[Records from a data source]
□ □ □ □ □
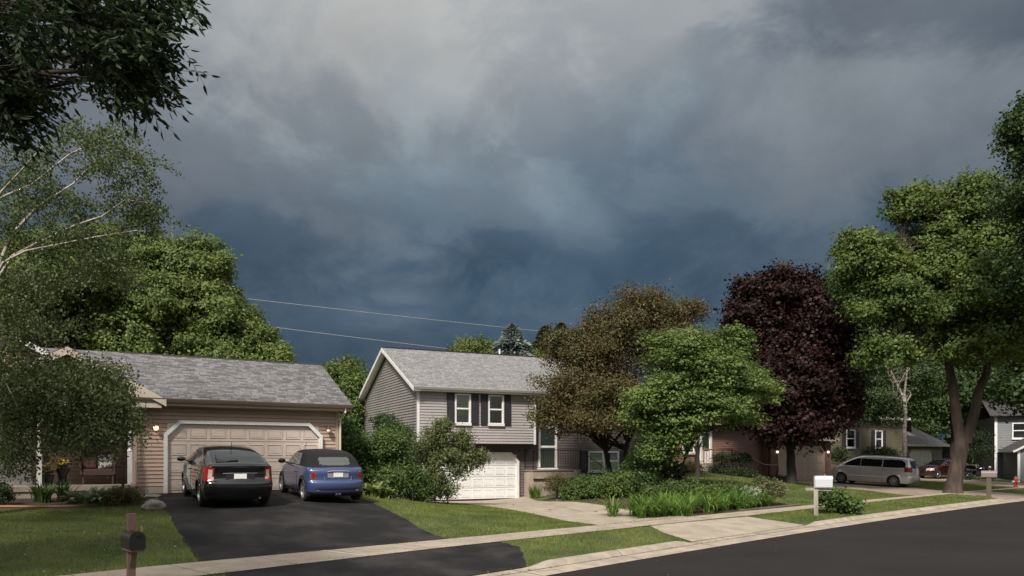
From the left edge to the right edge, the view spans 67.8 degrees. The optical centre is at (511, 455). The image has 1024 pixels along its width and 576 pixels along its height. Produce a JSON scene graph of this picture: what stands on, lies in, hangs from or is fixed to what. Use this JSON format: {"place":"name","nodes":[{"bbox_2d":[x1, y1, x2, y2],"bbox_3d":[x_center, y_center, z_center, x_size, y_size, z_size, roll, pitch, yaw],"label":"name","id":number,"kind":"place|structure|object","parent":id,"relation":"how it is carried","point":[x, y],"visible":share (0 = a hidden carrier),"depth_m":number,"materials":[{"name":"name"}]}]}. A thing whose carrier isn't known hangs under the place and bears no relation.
{"place":"outdoors","nodes":[
{"label":"outdoors","id":0,"kind":"place"},
{"bbox_2d":[158,490,447,560],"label":"driveway asphalt","id":1,"kind":"structure","parent":0,"point":[289,521],"depth_m":17.86,"materials":[{"name":"black asphalt"}]},
{"bbox_2d":[177,442,272,505],"bbox_3d":[-8.028,0.394,21.252,2.191,1.662,4.497,0,3,-31],"label":"black hatchback","id":2,"kind":"object","parent":1,"relation":"on","point":[223,472],"visible":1,"depth_m":19.60,"materials":[{"name":"black paint"}]},
{"bbox_2d":[278,442,363,500],"bbox_3d":[-5.755,0.417,22.858,2.148,1.623,3.664,0,3,-30],"label":"blue convertible","id":3,"kind":"object","parent":1,"relation":"on","point":[325,472],"visible":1,"depth_m":21.59,"materials":[{"name":"blue paint"}]},
{"bbox_2d":[225,542,525,575],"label":"driveway apron","id":4,"kind":"object","parent":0,"point":[471,559],"visible":1,"depth_m":13.82,"materials":[{"name":"black asphalt"}]},
{"bbox_2d":[0,462,1023,575],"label":"lawn","id":5,"kind":"structure","parent":0,"point":[90,548],"depth_m":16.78,"materials":[{"name":"plant"}]},
{"bbox_2d":[0,503,113,507],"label":"brick edging","id":6,"kind":"object","parent":5,"relation":"on","point":[37,506],"visible":0.74,"depth_m":19.12,"materials":[{"name":"brown brick"}]},
{"bbox_2d":[0,213,159,347],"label":"maple tree","id":7,"kind":"object","parent":5,"relation":"on","point":[95,298],"visible":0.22,"depth_m":41.41,"materials":[{"name":"green plant"}]},
{"bbox_2d":[1,493,158,504],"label":"planting bed","id":8,"kind":"object","parent":5,"relation":"on","point":[26,501],"visible":0.23,"depth_m":19.99,"materials":[{"name":"brown soil"}]},
{"bbox_2d":[0,482,19,504],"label":"shrub","id":9,"kind":"object","parent":8,"relation":"on","point":[4,495],"visible":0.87,"depth_m":19.21,"materials":[{"name":"green plant"}]},
{"bbox_2d":[27,478,81,502],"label":"iris","id":10,"kind":"object","parent":8,"relation":"on","point":[42,495],"visible":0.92,"depth_m":20.09,"materials":[{"name":"green plant"}]},
{"bbox_2d":[61,486,112,506],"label":"hosta","id":11,"kind":"object","parent":8,"relation":"on","point":[92,495],"visible":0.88,"depth_m":19.57,"materials":[{"name":"green plant"}]},
{"bbox_2d":[0,100,187,491],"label":"birch tree","id":12,"kind":"object","parent":5,"relation":"on","point":[103,402],"visible":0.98,"depth_m":16.78,"materials":[{"name":"green plant"}]},
{"bbox_2d":[0,0,219,167],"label":"ash tree","id":13,"kind":"object","parent":5,"relation":"on","point":[116,44],"visible":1,"depth_m":6.24,"materials":[{"name":"green plant"}]},
{"bbox_2d":[105,482,149,505],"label":"shrub","id":14,"kind":"object","parent":5,"relation":"on","point":[121,495],"visible":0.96,"depth_m":19.82,"materials":[{"name":"green plant"}]},
{"bbox_2d":[121,513,145,575],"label":"mailbox","id":15,"kind":"object","parent":5,"relation":"on","point":[133,541],"visible":1,"depth_m":9.21,"materials":[{"name":"black metal"}]},
{"bbox_2d":[141,499,165,509],"bbox_3d":[-9.025,1.259,19.209,0.630,0.319,0.434,0,0,0],"label":"rock","id":16,"kind":"object","parent":5,"relation":"on","point":[152,504],"visible":0.84,"depth_m":19.06,"materials":[{"name":"grey stone"}]},
{"bbox_2d":[37,223,299,362],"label":"maple tree","id":17,"kind":"object","parent":5,"relation":"on","point":[192,306],"visible":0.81,"depth_m":42.36,"materials":[{"name":"green plant"}]},
{"bbox_2d":[0,329,353,498],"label":"tan house","id":18,"kind":"structure","parent":5,"relation":"on","point":[271,413],"depth_m":23.99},
{"bbox_2d":[0,413,31,484],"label":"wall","id":19,"kind":"structure","parent":18,"relation":"in","point":[16,480],"depth_m":22.19,"materials":[{"name":"grey"}]},
{"bbox_2d":[42,464,55,485],"bbox_3d":[-13.033,0.531,21.359,0.459,0.628,0.460,0,0,-31],"label":"planter","id":20,"kind":"object","parent":18,"relation":"on","point":[47,478],"visible":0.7,"depth_m":21.28,"materials":[{"name":"black"}]},
{"bbox_2d":[54,458,70,484],"bbox_3d":[-12.829,0.460,21.722,0.420,0.769,0.414,0,0,-31],"label":"planter","id":21,"kind":"object","parent":18,"relation":"on","point":[61,472],"visible":0.94,"depth_m":21.63,"materials":[{"name":"black"}]},
{"bbox_2d":[78,451,116,484],"bbox_3d":[-12.255,0.360,22.518,0.977,0.970,0.806,0,0,-31],"label":"bench","id":22,"kind":"object","parent":18,"relation":"on","point":[110,472],"visible":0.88,"depth_m":22.35,"materials":[{"name":"red wood"}]},
{"bbox_2d":[82,456,96,468],"bbox_3d":[-12.445,0.195,22.443,0.380,0.380,0.188,0,0,-31],"label":"throw pillow","id":23,"kind":"object","parent":22,"relation":"on","point":[92,461],"visible":0.67,"depth_m":22.39,"materials":[{"name":"red fabric"}]},
{"bbox_2d":[98,455,113,468],"bbox_3d":[-12.085,0.175,22.659,0.420,0.420,0.194,0,0,-31],"label":"throw pillow","id":24,"kind":"object","parent":22,"relation":"on","point":[104,464],"visible":0.68,"depth_m":22.60,"materials":[{"name":"beige fabric"}]},
{"bbox_2d":[163,420,322,492],"bbox_3d":[-8.381,0.035,24.092,4.820,2.220,0.141,0,0,-31],"label":"garage door","id":25,"kind":"structure","parent":18,"relation":"in","point":[274,441],"depth_m":23.97,"materials":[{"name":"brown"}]},
{"bbox_2d":[321,352,369,431],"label":"ash tree","id":26,"kind":"object","parent":5,"relation":"on","point":[348,377],"visible":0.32,"depth_m":42.61,"materials":[{"name":"green plant"}]},
{"bbox_2d":[409,415,495,503],"bbox_3d":[-2.603,0.298,29.956,3.973,3.854,2.666,0,0,0],"label":"shrub","id":27,"kind":"object","parent":5,"relation":"on","point":[435,445],"visible":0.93,"depth_m":29.77,"materials":[{"name":"green plant"}]},
{"bbox_2d":[445,331,551,356],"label":"ash tree","id":28,"kind":"object","parent":5,"relation":"on","point":[469,345],"visible":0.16,"depth_m":70.66,"materials":[{"name":"green plant"}]},
{"bbox_2d":[357,347,645,500],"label":"grey house","id":29,"kind":"structure","parent":5,"relation":"on","point":[479,394],"depth_m":36.41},
{"bbox_2d":[454,393,471,425],"bbox_3d":[-2.243,-2.105,34.793,0.825,1.450,0.095,0,0,-25],"label":"window","id":30,"kind":"structure","parent":29,"relation":"in","point":[462,402],"depth_m":34.82,"materials":[{"name":"white glass"}]},
{"bbox_2d":[422,452,518,499],"bbox_3d":[-2.063,0.945,35.601,5.280,2.210,0.140,0,0,-26],"label":"garage door","id":31,"kind":"structure","parent":29,"relation":"in","point":[501,479],"depth_m":36.20,"materials":[{"name":"white metal"}]},
{"bbox_2d":[487,395,504,425],"bbox_3d":[-0.743,-2.105,35.508,0.840,1.450,0.095,0,0,-26],"label":"window","id":32,"kind":"structure","parent":29,"relation":"in","point":[495,402],"depth_m":35.53,"materials":[{"name":"white glass"}]},
{"bbox_2d":[537,426,557,468],"bbox_3d":[1.748,-0.405,37.419,1.120,2.190,0.120,0,0,-25],"label":"window","id":33,"kind":"structure","parent":29,"relation":"in","point":[546,458],"depth_m":37.43,"materials":[{"name":"white glass"}]},
{"bbox_2d":[587,451,618,472],"bbox_3d":[4.675,0.315,38.808,1.880,1.090,0.095,0,0,-25],"label":"window","id":34,"kind":"structure","parent":29,"relation":"in","point":[598,456],"depth_m":38.74,"materials":[{"name":"grey glass"}]},
{"bbox_2d":[492,323,533,355],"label":"spruce tree","id":35,"kind":"object","parent":5,"relation":"on","point":[511,341],"visible":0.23,"depth_m":69.11,"materials":[{"name":"green plant"}]},
{"bbox_2d":[528,483,542,497],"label":"day lily","id":36,"kind":"object","parent":5,"relation":"on","point":[534,490],"visible":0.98,"depth_m":35.66,"materials":[{"name":"green plant"}]},
{"bbox_2d":[531,325,552,353],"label":"spruce tree","id":37,"kind":"object","parent":5,"relation":"on","point":[540,332],"visible":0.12,"depth_m":73.37,"materials":[{"name":"green plant"}]},
{"bbox_2d":[544,495,799,514],"bbox_3d":[4.487,1.658,30.660,11.750,0.613,7.609,0,0,45],"label":"planting bed","id":38,"kind":"object","parent":5,"relation":"on","point":[698,511],"visible":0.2,"depth_m":28.65,"materials":[{"name":"brown soil"}]},
{"bbox_2d":[539,470,568,498],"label":"shrub","id":39,"kind":"object","parent":38,"relation":"on","point":[557,480],"visible":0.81,"depth_m":32.94,"materials":[{"name":"green plant"}]},
{"bbox_2d":[557,469,605,499],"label":"shrub","id":40,"kind":"object","parent":38,"relation":"on","point":[584,487],"visible":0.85,"depth_m":30.35,"materials":[{"name":"green plant"}]},
{"bbox_2d":[594,468,633,498],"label":"shrub","id":41,"kind":"object","parent":38,"relation":"on","point":[610,485],"visible":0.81,"depth_m":29.30,"materials":[{"name":"green plant"}]},
{"bbox_2d":[519,278,717,472],"bbox_3d":[4.846,-2.942,33.542,9.061,9.566,6.371,0,0,0],"label":"bronze tree","id":42,"kind":"object","parent":38,"relation":"on","point":[591,380],"visible":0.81,"depth_m":32.56,"materials":[{"name":"brown plant"}]},
{"bbox_2d":[599,454,651,475],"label":"shrub","id":43,"kind":"object","parent":38,"relation":"on","point":[631,464],"visible":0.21,"depth_m":30.72,"materials":[{"name":"green plant"}]},
{"bbox_2d":[590,492,668,517],"bbox_3d":[3.853,1.512,23.988,2.244,0.858,2.972,0,0,-44],"label":"day lily","id":44,"kind":"object","parent":38,"relation":"on","point":[645,508],"visible":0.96,"depth_m":23.62,"materials":[{"name":"green plant"}]},
{"bbox_2d":[620,446,652,465],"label":"shrub","id":45,"kind":"object","parent":38,"relation":"on","point":[631,452],"visible":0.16,"depth_m":32.36,"materials":[{"name":"green plant"}]},
{"bbox_2d":[617,466,666,495],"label":"shrub","id":46,"kind":"object","parent":38,"relation":"on","point":[629,484],"visible":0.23,"depth_m":28.66,"materials":[{"name":"green plant"}]},
{"bbox_2d":[631,481,674,500],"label":"shrub","id":47,"kind":"object","parent":38,"relation":"on","point":[647,490],"visible":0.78,"depth_m":27.64,"materials":[{"name":"green plant"}]},
{"bbox_2d":[623,471,685,494],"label":"shrub","id":48,"kind":"object","parent":38,"relation":"on","point":[648,479],"visible":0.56,"depth_m":28.20,"materials":[{"name":"green plant"}]},
{"bbox_2d":[629,489,694,515],"bbox_3d":[4.722,1.500,24.284,2.473,0.853,2.233,0,0,0],"label":"day lily","id":49,"kind":"object","parent":38,"relation":"on","point":[673,509],"visible":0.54,"depth_m":23.90,"materials":[{"name":"green plant"}]},
{"bbox_2d":[645,460,690,481],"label":"shrub","id":50,"kind":"object","parent":38,"relation":"on","point":[665,469],"visible":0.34,"depth_m":30.75,"materials":[{"name":"green plant"}]},
{"bbox_2d":[643,488,707,513],"bbox_3d":[5.537,1.474,25.264,2.556,0.863,2.204,0,0,41],"label":"day lily","id":51,"kind":"object","parent":38,"relation":"on","point":[690,501],"visible":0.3,"depth_m":24.86,"materials":[{"name":"green plant"}]},
{"bbox_2d":[667,479,708,497],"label":"shrub","id":52,"kind":"object","parent":38,"relation":"on","point":[681,488],"visible":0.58,"depth_m":27.90,"materials":[{"name":"green plant"}]},
{"bbox_2d":[670,488,728,512],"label":"day lily","id":53,"kind":"object","parent":38,"relation":"on","point":[711,504],"visible":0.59,"depth_m":25.28,"materials":[{"name":"green plant"}]},
{"bbox_2d":[606,320,793,482],"bbox_3d":[7.170,-1.716,29.126,7.220,6.984,4.847,0,0,0],"label":"green tree","id":54,"kind":"object","parent":38,"relation":"on","point":[692,389],"visible":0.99,"depth_m":28.30,"materials":[{"name":"green plant"}]},
{"bbox_2d":[692,478,732,495],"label":"shrub","id":55,"kind":"object","parent":38,"relation":"on","point":[713,487],"visible":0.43,"depth_m":27.37,"materials":[{"name":"green plant"}]},
{"bbox_2d":[683,483,751,510],"bbox_3d":[7.320,1.429,26.708,2.283,0.940,2.437,0,0,-31],"label":"day lily","id":56,"kind":"object","parent":38,"relation":"on","point":[726,503],"visible":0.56,"depth_m":26.36,"materials":[{"name":"green plant"}]},
{"bbox_2d":[722,479,751,495],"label":"shrub","id":57,"kind":"object","parent":38,"relation":"on","point":[732,485],"visible":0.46,"depth_m":27.74,"materials":[{"name":"green plant"}]},
{"bbox_2d":[721,482,762,508],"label":"day lily","id":58,"kind":"object","parent":38,"relation":"on","point":[752,501],"visible":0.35,"depth_m":26.87,"materials":[{"name":"green plant"}]},
{"bbox_2d":[735,482,761,503],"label":"shrub","id":59,"kind":"object","parent":38,"relation":"on","point":[753,491],"visible":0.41,"depth_m":27.56,"materials":[{"name":"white plant"}]},
{"bbox_2d":[749,486,776,507],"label":"day lily","id":60,"kind":"object","parent":38,"relation":"on","point":[768,502],"visible":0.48,"depth_m":27.86,"materials":[{"name":"green plant"}]},
{"bbox_2d":[750,474,792,500],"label":"shrub","id":61,"kind":"object","parent":38,"relation":"on","point":[771,484],"visible":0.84,"depth_m":28.62,"materials":[{"name":"green plant"}]},
{"bbox_2d":[676,458,708,472],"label":"shrub","id":62,"kind":"object","parent":5,"relation":"on","point":[691,466],"visible":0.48,"depth_m":41.66,"materials":[{"name":"green plant"}]},
{"bbox_2d":[690,440,701,477],"bbox_3d":[8.815,0.207,36.595,0.539,1.911,0.469,0,0,0],"label":"tree","id":63,"kind":"object","parent":5,"relation":"on","point":[697,463],"visible":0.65,"depth_m":36.41,"materials":[{"name":"brown plant"}]},
{"bbox_2d":[708,450,732,473],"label":"topiary","id":64,"kind":"object","parent":5,"relation":"on","point":[722,457],"visible":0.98,"depth_m":42.17,"materials":[{"name":"green plant"}]},
{"bbox_2d":[704,461,759,477],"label":"shrub","id":65,"kind":"object","parent":5,"relation":"on","point":[717,468],"visible":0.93,"depth_m":41.93,"materials":[{"name":"green plant"}]},
{"bbox_2d":[730,452,753,476],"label":"topiary","id":66,"kind":"object","parent":5,"relation":"on","point":[742,458],"visible":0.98,"depth_m":42.14,"materials":[{"name":"green plant"}]},
{"bbox_2d":[648,409,838,479],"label":"red brown house","id":67,"kind":"structure","parent":5,"relation":"on","point":[809,466],"depth_m":47.64,"materials":[{"name":"brown brick"}]},
{"bbox_2d":[699,429,711,463],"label":"front door","id":68,"kind":"structure","parent":67,"relation":"in","point":[709,437],"depth_m":45.03,"materials":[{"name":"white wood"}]},
{"bbox_2d":[777,446,824,479],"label":"garage door","id":69,"kind":"structure","parent":67,"relation":"in","point":[809,466],"depth_m":49.63,"materials":[{"name":"beige"}]},
{"bbox_2d":[708,258,874,483],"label":"purple maple","id":70,"kind":"object","parent":5,"relation":"on","point":[806,338],"visible":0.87,"depth_m":40.47,"materials":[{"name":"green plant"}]},
{"bbox_2d":[805,474,832,515],"bbox_3d":[9.911,1.421,24.566,0.835,1.630,0.258,0,0,22],"label":"mailbox","id":71,"kind":"object","parent":5,"relation":"on","point":[823,483],"visible":0.98,"depth_m":24.47,"materials":[{"name":"white metal"}]},
{"bbox_2d":[811,486,868,513],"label":"shrub","id":72,"kind":"object","parent":5,"relation":"on","point":[838,500],"visible":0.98,"depth_m":25.46,"materials":[{"name":"green plant"}]},
{"bbox_2d":[831,443,854,464],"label":"shrub","id":73,"kind":"object","parent":5,"relation":"on","point":[841,456],"visible":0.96,"depth_m":53.75,"materials":[{"name":"green plant"}]},
{"bbox_2d":[818,273,913,411],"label":"shade tree","id":74,"kind":"object","parent":5,"relation":"on","point":[870,330],"visible":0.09,"depth_m":57.71,"materials":[{"name":"green plant"}]},
{"bbox_2d":[830,412,910,467],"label":"olive house","id":75,"kind":"structure","parent":5,"relation":"on","point":[862,437],"depth_m":58.36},
{"bbox_2d":[846,430,855,448],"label":"window","id":76,"kind":"structure","parent":75,"relation":"in","point":[850,437],"depth_m":57.26,"materials":[{"name":"white glass"}]},
{"bbox_2d":[875,430,882,448],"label":"window","id":77,"kind":"structure","parent":75,"relation":"in","point":[878,434],"depth_m":58.93,"materials":[{"name":"white glass"}]},
{"bbox_2d":[856,444,902,456],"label":"shrub","id":78,"kind":"object","parent":5,"relation":"on","point":[872,450],"visible":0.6,"depth_m":53.65,"materials":[{"name":"green plant"}]},
{"bbox_2d":[846,354,962,455],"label":"birch tree","id":79,"kind":"object","parent":5,"relation":"on","point":[886,402],"visible":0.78,"depth_m":52.00,"materials":[{"name":"green plant"}]},
{"bbox_2d":[825,163,1023,493],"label":"street tree","id":80,"kind":"object","parent":5,"relation":"on","point":[936,284],"visible":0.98,"depth_m":37.34,"materials":[{"name":"green plant"}]},
{"bbox_2d":[902,424,949,465],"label":"garage house","id":81,"kind":"structure","parent":5,"relation":"on","point":[922,448],"depth_m":67.94,"materials":[{"name":"grey"}]},
{"bbox_2d":[908,449,933,465],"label":"garage door","id":82,"kind":"structure","parent":81,"relation":"in","point":[922,456],"depth_m":67.45,"materials":[{"name":"beige"}]},
{"bbox_2d":[902,411,978,442],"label":"background tree","id":83,"kind":"object","parent":5,"relation":"on","point":[933,430],"visible":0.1,"depth_m":105.83,"materials":[{"name":"green plant"}]},
{"bbox_2d":[897,315,1012,458],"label":"shade tree","id":84,"kind":"object","parent":5,"relation":"on","point":[966,388],"visible":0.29,"depth_m":61.74,"materials":[{"name":"green plant"}]},
{"bbox_2d":[967,429,999,479],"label":"tree","id":85,"kind":"object","parent":5,"relation":"on","point":[978,443],"visible":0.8,"depth_m":55.73,"materials":[{"name":"green plant"}]},
{"bbox_2d":[981,470,996,496],"bbox_3d":[22.796,1.504,36.399,0.675,1.660,0.278,0,0,30],"label":"mailbox","id":86,"kind":"object","parent":5,"relation":"on","point":[989,475],"visible":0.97,"depth_m":36.32,"materials":[{"name":"white metal"}]},
{"bbox_2d":[969,90,1023,311],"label":"street tree","id":87,"kind":"object","parent":5,"relation":"on","point":[1010,132],"visible":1,"depth_m":31.33,"materials":[{"name":"green plant"}]},
{"bbox_2d":[978,399,1023,480],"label":"blue grey house","id":88,"kind":"structure","parent":5,"relation":"on","point":[1006,461],"depth_m":58.33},
{"bbox_2d":[1012,423,1023,439],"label":"window","id":89,"kind":"structure","parent":88,"relation":"in","point":[1017,428],"depth_m":57.99,"materials":[{"name":"white glass"}]},
{"bbox_2d":[981,340,1023,423],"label":"shade tree","id":90,"kind":"object","parent":5,"relation":"on","point":[1009,391],"visible":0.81,"depth_m":45.06,"materials":[{"name":"green plant"}]},
{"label":"planting bed","id":91,"kind":"structure","parent":5,"relation":"on","visible":0},
{"bbox_2d":[363,481,396,498],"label":"hosta","id":92,"kind":"object","parent":91,"relation":"on","point":[375,490],"visible":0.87,"depth_m":24.97,"materials":[{"name":"green plant"}]},
{"bbox_2d":[339,413,426,498],"bbox_3d":[-5.139,0.097,28.435,3.911,3.474,3.496,0,0,0],"label":"shrub","id":93,"kind":"object","parent":91,"relation":"on","point":[378,453],"visible":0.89,"depth_m":27.82,"materials":[{"name":"green plant"}]},
{"bbox_2d":[368,409,417,462],"bbox_3d":[-4.789,0.043,31.504,2.688,4.161,2.522,0,0,0],"label":"shrub","id":94,"kind":"object","parent":91,"relation":"on","point":[382,419],"visible":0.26,"depth_m":31.60,"materials":[{"name":"green plant"}]},
{"bbox_2d":[393,460,443,502],"bbox_3d":[-3.743,1.090,28.739,2.523,1.944,2.020,0,0,-20],"label":"shrub","id":95,"kind":"object","parent":91,"relation":"on","point":[421,490],"visible":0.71,"depth_m":28.38,"materials":[{"name":"green plant"}]},
{"bbox_2d":[0,0,1023,440],"label":"sky","id":96,"kind":"structure","parent":0,"point":[500,163],"materials":[{"name":"grey"}]},
{"bbox_2d":[62,487,1023,575],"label":"sidewalk","id":97,"kind":"structure","parent":0,"point":[230,565],"depth_m":15.12,"materials":[{"name":"concrete"}]},
{"bbox_2d":[431,497,686,524],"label":"concrete driveway","id":98,"kind":"structure","parent":0,"point":[587,514],"depth_m":26.27,"materials":[{"name":"beige concrete"}]},
{"bbox_2d":[651,516,802,541],"bbox_3d":[5.854,1.980,21.259,6.214,0.185,1.998,0,0,-45],"label":"concrete apron","id":99,"kind":"object","parent":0,"point":[705,529],"visible":0.99,"depth_m":21.01,"materials":[{"name":"beige concrete"}]},
{"bbox_2d":[546,458,995,575],"bbox_3d":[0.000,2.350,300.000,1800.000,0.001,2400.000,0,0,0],"label":"ground","id":100,"kind":"structure","parent":0,"point":[754,540],"depth_m":20.86,"materials":[{"name":"beige concrete"}]},
{"bbox_2d":[942,435,978,463],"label":"woods","id":101,"kind":"object","parent":100,"relation":"on","point":[945,452],"depth_m":113.37,"materials":[{"name":"green plant"}]},
{"bbox_2d":[547,501,1023,575],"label":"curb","id":102,"kind":"structure","parent":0,"point":[960,542],"depth_m":16.40,"materials":[{"name":"concrete"}]},
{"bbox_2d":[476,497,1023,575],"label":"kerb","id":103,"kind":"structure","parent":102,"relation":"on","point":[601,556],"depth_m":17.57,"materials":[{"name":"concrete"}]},
{"bbox_2d":[797,480,941,494],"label":"concrete driveway","id":104,"kind":"structure","parent":0,"point":[904,490],"depth_m":43.38,"materials":[{"name":"beige concrete"}]},
{"bbox_2d":[829,455,920,486],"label":"silver minivan","id":105,"kind":"object","parent":104,"relation":"on","point":[893,471],"visible":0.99,"depth_m":45.37,"materials":[{"name":"grey paint"}]},
{"bbox_2d":[920,476,1023,486],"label":"concrete driveway","id":106,"kind":"structure","parent":0,"point":[994,483],"depth_m":52.10,"materials":[{"name":"beige concrete"}]},
{"bbox_2d":[919,459,975,478],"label":"red car","id":107,"kind":"object","parent":106,"relation":"on","point":[937,468],"visible":0.58,"depth_m":57.12,"materials":[{"name":"red paint"}]},
{"bbox_2d":[964,465,993,480],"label":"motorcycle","id":108,"kind":"object","parent":106,"relation":"on","point":[978,471],"visible":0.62,"depth_m":54.95,"materials":[{"name":"black metal"}]},
{"bbox_2d":[954,491,1023,499],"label":"concrete apron","id":109,"kind":"object","parent":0,"point":[1000,495],"visible":0.72,"depth_m":38.30,"materials":[{"name":"beige concrete"}]},
{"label":"utility pole","id":110,"kind":"object","parent":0,"visible":0},
{"bbox_2d":[246,298,535,330],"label":"power line","id":111,"kind":"object","parent":110,"relation":"attached to","point":[378,313],"visible":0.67,"depth_m":75.45,"materials":[{"name":"silver metal"}]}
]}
□ □ □ □ □
# [Your task]
From the entries above, copy every line where the word "spruce" shows up.

# [Exercise output]
{"bbox_2d":[492,323,533,355],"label":"spruce tree","id":35,"kind":"object","parent":5,"relation":"on","point":[511,341],"visible":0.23,"depth_m":69.11,"materials":[{"name":"green plant"}]},
{"bbox_2d":[531,325,552,353],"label":"spruce tree","id":37,"kind":"object","parent":5,"relation":"on","point":[540,332],"visible":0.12,"depth_m":73.37,"materials":[{"name":"green plant"}]},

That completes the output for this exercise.